**EXERCISE**
Because the pictures are not wanted, reproduce the rest of the records below exactly as they stand.

**RECORDS FOR PROCESSING**

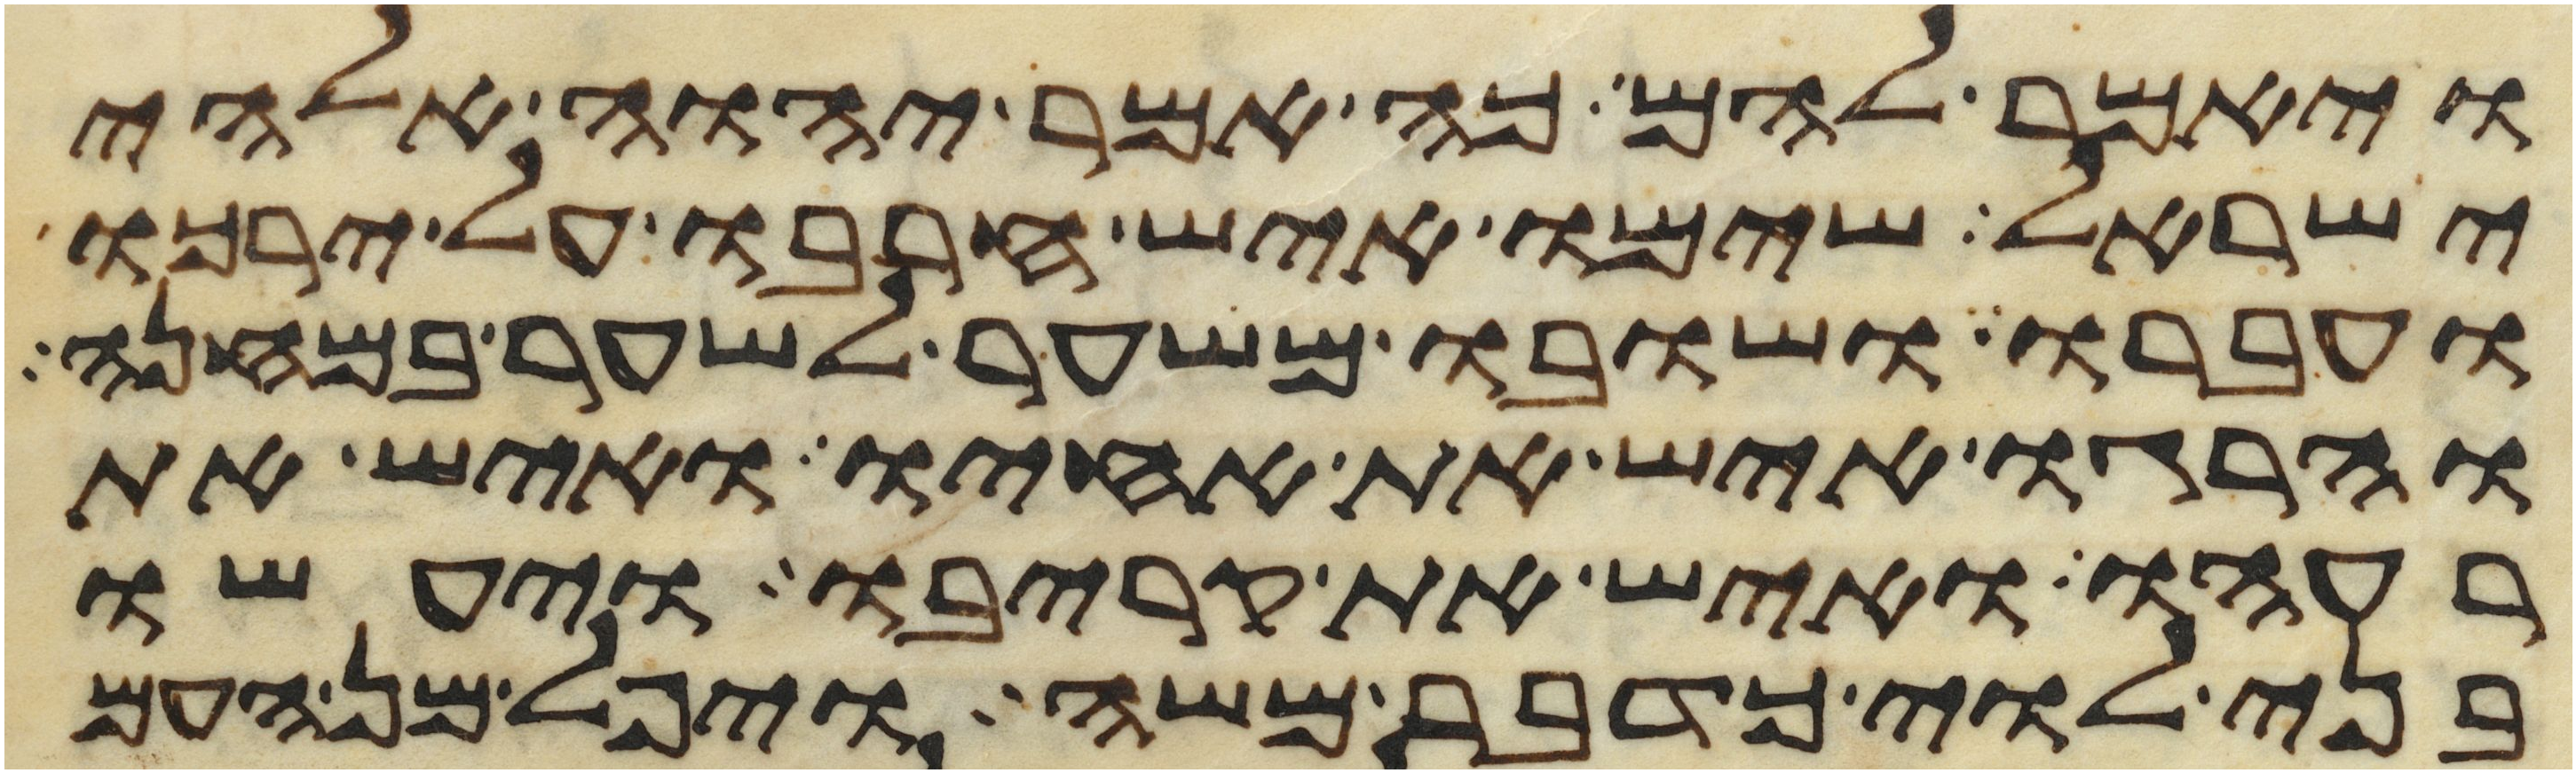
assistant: ויאמר להם כה אמר יהוה אלהי
ישראל שימו איש חרבו על ירכו
ועברו ושובו משער לשער במחנה
והרגו איש את אחיו ואיש את
רעהו ואיש את קריבו ויעשו
בני לוי כדבר משה ויפל מן העם
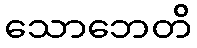
သောဘေတိ
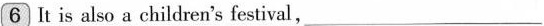
\boxed{6} It is also a children's festival, ___
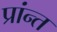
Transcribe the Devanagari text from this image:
प्रांन्त
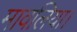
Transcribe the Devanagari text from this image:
मावलिया।
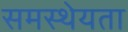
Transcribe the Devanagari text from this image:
समस्थेयता
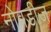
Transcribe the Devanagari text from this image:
नोबडीज
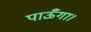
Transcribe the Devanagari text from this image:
पाऊँगा।
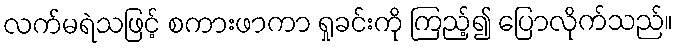
လက်မရဲသဖြင့် စကားဖာကာ ရှုခင်းကို ကြည့်၍ ပြောလိုက်သည်။
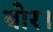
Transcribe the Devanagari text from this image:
बोर।
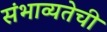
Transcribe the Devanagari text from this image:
संभाव्यतेची
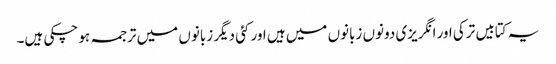
یہ کتابیں ترکی اور انگریزی دونوں زبانوں میں ہیں اور کئی دیگر زبانوں میں ترجمہ ہو چکی ہیں۔
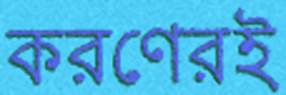
করণেরই
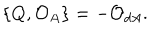
\{ Q , { \cal O } _ { A } \} = - { \cal O } _ { d A } .
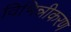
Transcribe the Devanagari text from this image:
विभिन्नीकरण
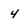
Character: 4
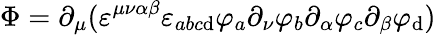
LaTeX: \Phi=\partial_{\mu}(\varepsilon^{\mu\nu\alpha\beta}\varepsilon_{abc\mathrm{d}}\varphi_{a}\partial_{\nu}\varphi_{b}\partial_{\alpha}\varphi_{c}\partial_{\beta}\varphi_{\mathrm{d}})
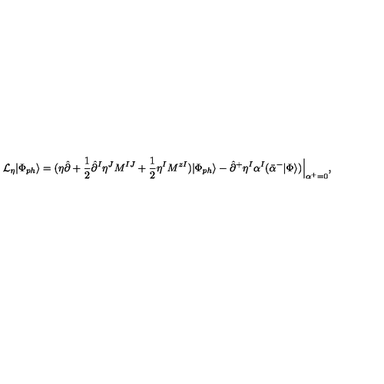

**YOUR RESPONSE**
assistant: ויאמר להם כה אמר יהוה אלהי
ישראל שימו איש חרבו על ירכו
ועברו ושובו משער לשער במחנה
והרגו איש את אחיו ואיש את
רעהו ואיש את קריבו ויעשו
בני לוי כדבר משה ויפל מן העם
သောဘေတိ
\boxed{6} It is also a children's festival, ___
Transcribe the Devanagari text from this image:
प्रांन्त
Transcribe the Devanagari text from this image:
मावलिया।
Transcribe the Devanagari text from this image:
समस्थेयता
Transcribe the Devanagari text from this image:
नोबडीज
Transcribe the Devanagari text from this image:
पाऊँगा।
လက်မရဲသဖြင့် စကားဖာကာ ရှုခင်းကို ကြည့်၍ ပြောလိုက်သည်။
Transcribe the Devanagari text from this image:
बोर।
Transcribe the Devanagari text from this image:
संभाव्यतेची
یہ کتابیں ترکی اور انگریزی دونوں زبانوں میں ہیں اور کئی دیگر زبانوں میں ترجمہ ہو چکی ہیں۔
করণেরই
\{ Q , { \cal O } _ { A } \} = - { \cal O } _ { d A } .
Transcribe the Devanagari text from this image:
विभिन्नीकरण
Character: 4
LaTeX: \Phi=\partial_{\mu}(\varepsilon^{\mu\nu\alpha\beta}\varepsilon_{abc\mathrm{d}}\varphi_{a}\partial_{\nu}\varphi_{b}\partial_{\alpha}\varphi_{c}\partial_{\beta}\varphi_{\mathrm{d}})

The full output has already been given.